## Work task
Set down exactly the lines from the one containing "Active color: b" through the last line of the records below, both included, and nothing else.

#####

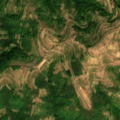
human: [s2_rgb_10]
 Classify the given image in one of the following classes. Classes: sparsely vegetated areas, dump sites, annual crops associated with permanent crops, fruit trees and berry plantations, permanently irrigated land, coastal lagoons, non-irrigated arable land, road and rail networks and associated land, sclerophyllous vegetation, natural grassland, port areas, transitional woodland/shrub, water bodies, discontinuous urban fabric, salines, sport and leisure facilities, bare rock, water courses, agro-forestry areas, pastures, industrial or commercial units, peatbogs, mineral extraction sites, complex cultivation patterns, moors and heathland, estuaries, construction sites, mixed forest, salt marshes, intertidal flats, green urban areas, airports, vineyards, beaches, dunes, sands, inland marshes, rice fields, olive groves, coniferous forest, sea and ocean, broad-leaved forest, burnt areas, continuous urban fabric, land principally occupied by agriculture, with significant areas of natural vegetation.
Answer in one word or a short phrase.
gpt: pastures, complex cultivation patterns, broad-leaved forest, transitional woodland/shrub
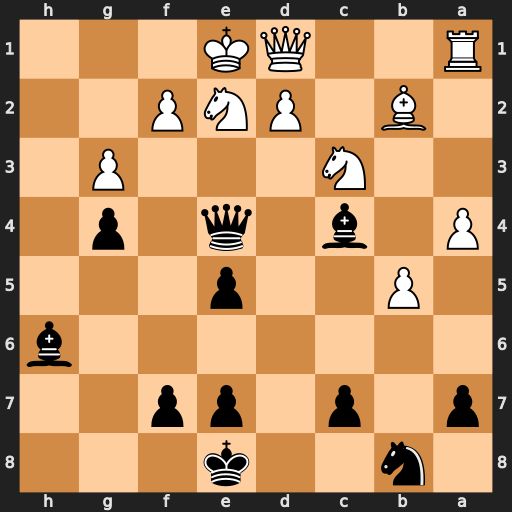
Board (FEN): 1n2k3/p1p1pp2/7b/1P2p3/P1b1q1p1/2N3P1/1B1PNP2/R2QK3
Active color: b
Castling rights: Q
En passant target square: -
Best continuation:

#####

## The answer
Active color: b
Castling rights: Q
En passant target square: -
Best continuation:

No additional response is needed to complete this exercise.